Midday Depression vs. Midday Peak in Diurnal Light Interception: Contrasting Patterns at Crown and Leaf Scales in a Tropical Evergreen Tree

Abstract

Crown architecture usually is heterogeneous as a result of foraging in spatially and temporally heterogeneous light environments. Ecologists are only beginning to identify the importance of temporal heterogeneity for light acquisition in plants, especially at the diurnal scale. Crown architectural heterogeneity often leads to a diurnal variation in light interception. However, maximizing light interception during midday may not be an optimal strategy in environments with excess light. Instead, long-lived plants are expected to show crown architectures and leaf positions that meet the contrasting needs of light interception and avoidance of excess light on a diurnal basis. We expected a midday depression in the diurnal course of light interception both at the whole-crown and leaf scales, as a strategy to avoid the interception of excessive irradiance. We tested this hypothesis in a population of guava trees (Psidium guajava L.) growing in an open tropical grassland. We quantified three crown architectural traits: intra-individual heterogeneity in foliage clumping, crown openness, and leaf position angles. We estimated the diurnal course of light interception at the crown scale using hemispheric photographs, and at the leaf scale using the cosine of solar incidence. Crowns showed a midday depression in light interception, while leaves showed a midday peak. These contrasting patterns were related to architectural traits. At the crown scale, the midday depression of light interception was linked to a greater crown openness and foliage clumping in crown tops than in the lateral parts of the crown. At the leaf scale, an average inclination angle of 45° led to the midday peak in light interception, but with a huge among-leaf variation in position angles. The mismatch in diurnal course of light interception at crown and leaf scales can indicate that different processes are being optimized at each scale. These findings suggest that the diurnal course of light interception may be an important dimension of the resource acquisition strategies of long-lived woody plants. Using a temporal approach as the one applied here may improve our understanding of the diversity of crown architectures found across and within environments.

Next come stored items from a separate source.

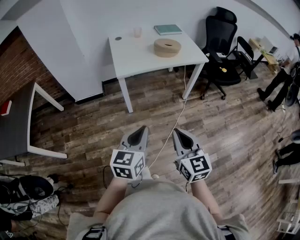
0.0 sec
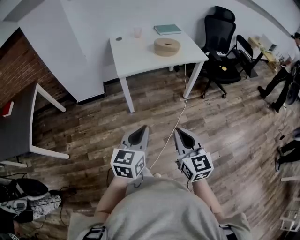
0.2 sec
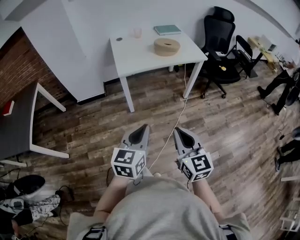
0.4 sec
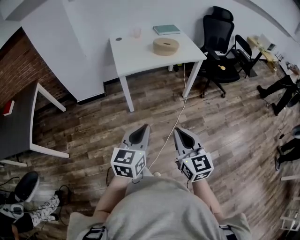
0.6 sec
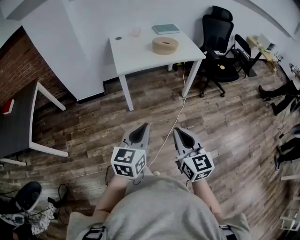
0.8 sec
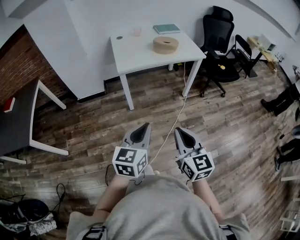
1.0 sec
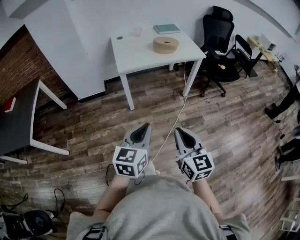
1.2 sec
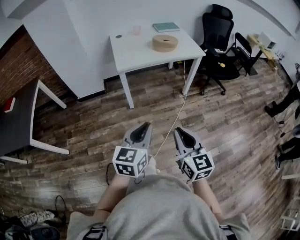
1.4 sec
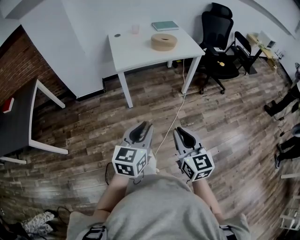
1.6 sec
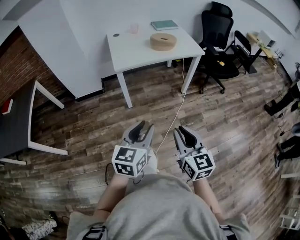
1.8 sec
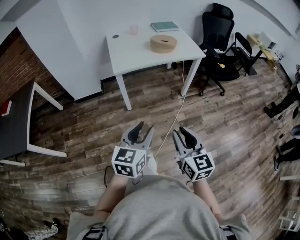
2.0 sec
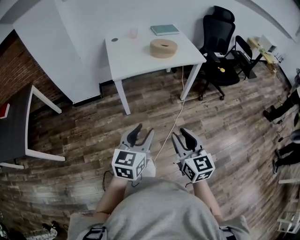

Keywords: Psidium guajava; crown architecture; crown openness; diurnal course of light interception; foliage clumping; leaf angle; light stress; temporal variation.

FIGURE 1

Field sampling design. Crown-scale variables were quantified in crown sector B. Leaf-scale variables were quantified in crown sectors A, N, E, S and W, where 10 leaves per sector were sampled (50 leaves per tree; squares). Hemispheric photographs were taken in the six sampling points. Modified from Hallé et al., 1978.

FIGURE 2

Diurnal courses of light interception at the crown and leaf scales. Crown scale light interception is the percentage of incident PAR intercepted by the crown. Leaf scale potential light interception is represented with STAR (%). Bars denote the SE of the mean for N = 9 trees.

FIGURE 3

Relationship between the clumping index and the gap fraction across zenith rings (A). Closed circles represent each of 8 zenith regions spanning 9° elevation angles, indicated with 𝜃. 𝜃₁ is the range between 0 and 9° elevation angles (zenith, top central part of the crowns in the picture) and 𝜃₈ is the range between 72 and 81° (horizon, lateral parts of the crown in the picture). Bars denote 1 standard deviation for N = 9 trees. (B) Correlation between the CV of the clumping index and annual light interception. CV, coefficient of variation calculated over 216 crown segments. N = 9 trees.

FIGURE 4

Rose diagrams for the distribution of leaf lamina course (A) and tilt angles (B) per crown sector. Course angles are shown in degrees clockwise from North (0°), and tilt angles range from a vertical leaf position with the leaf tip pointing toward zenith (0°), to horizontal (90°), and to vertical with the leaf tip pointing downward (180°). The bins represent the frequencies in each direction and blue dots show single leaf data. For leaf course, 95% confidence intervals of the mean direction of the population and their p-values correspond to an underlying Von Mises distribution with the mean course direction predicted to be at 180°. For leaf tilt, the underlying distribution was a Von Mises without a specific prediction for the mean direction. For each crown sector, we indicate the number of leaves sampled (n), and mean direction (μ), and concentration parameter (κ) with their standard errors. N, E, S, W are the four basal crown sectors in the main compass directions, and A is the central upper crown sector.